I'm easy to please, so I don't really get new gear often. When I do, it's 9 times out of 10 going to be through a trade. If I plan on buying something, my fiance knows about it, and usually doesn't care all that much, provided that expenses are paid and savings account doesn't take a hit. I will say that I accidentally found my wedding present (no, seriously. It was really an accident. ) when I went to check on her grandma's house while they were out of town. Needless to say, you'll see a new thread from me in the seven string section in a few days.


----------



## InfinityCollision (Apr 8, 2015)

I'm a financially responsible adult with stable income. I don't buy gear that often, only buy when I have more than enough money in the bank to cover it, and my stable stays pretty small. If a woman has a problem with that, I'm not going to keep her around very long.

Thankfully, that means that most of the time the conversation goes something along the lines of:

"Hey, I'm getting a new (guitar/amp/accessory/other instrument)."
"Oh cool, what are you getting?"


----------



## Petef2007 (Apr 11, 2015)

Single by choice, and plan to be for a long time, so its not an issue. My hand gets a workout either way, guitar or not.


----------



## HUGH JAYNUS (Apr 11, 2015)

I just do what I want and ignore my wifE when she gets mad lol. Bills get paid so fvck it.


----------



## mongey (Apr 12, 2015)

tell her ??!!! 

what , are you crazy ?


----------



## TheStig1214 (Apr 13, 2015)

"This one's quieter." I'm 100% single, but that's what I tell my mom (because I still live at home).


----------



## Underworld (Apr 13, 2015)

I usualy just say "hey look the new guitar I just bought!!" 
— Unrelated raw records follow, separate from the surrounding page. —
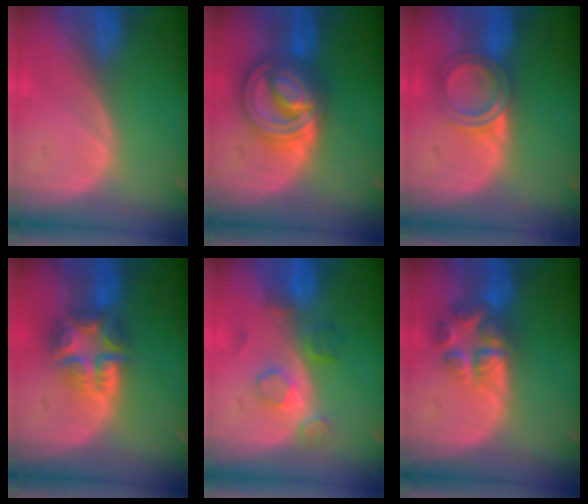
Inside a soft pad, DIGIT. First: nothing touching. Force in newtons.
{"total": 9.2, "press": 9.2, "slide": 0.7}
{"total": 4.8, "press": 4.6, "slide": 1.4}
{"total": 8.0, "press": 6.8, "slide": 4.1}
{"total": 4.6, "press": 4.5, "slide": 0.6}
{"total": 7.1, "press": 5.9, "slide": 3.8}

She knows I sell a lot of stuff to buy new gear, most of the time I'm even.


----------



## ghostred7 (Apr 13, 2015)

Louis Cypher said:


> LOL!!
> 
> If my wife had her way I would have loads more gear!


 
This.

I mean, we have situations like right now where we need to prioritize house work...and by housework, i mean: new roof, black mold remediation (newly discovered), remodeling, etc. 
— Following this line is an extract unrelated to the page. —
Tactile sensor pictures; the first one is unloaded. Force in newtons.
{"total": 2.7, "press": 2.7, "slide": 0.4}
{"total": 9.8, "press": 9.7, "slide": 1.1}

In the end, it's called being a responsible adult and prioritizing needs over wants. If this is taken care of, the rest usually falls into place, at least with us.

She's the reason I got my Loomis, S-series, PodHD Pro, speaker cabinet, etc. To say she's supportive is putting it mildly.

Want the spouse off your backs? Don't spend on gear when there are NEEDS that have to be addressed. New gear usually isn't a need, it's a want.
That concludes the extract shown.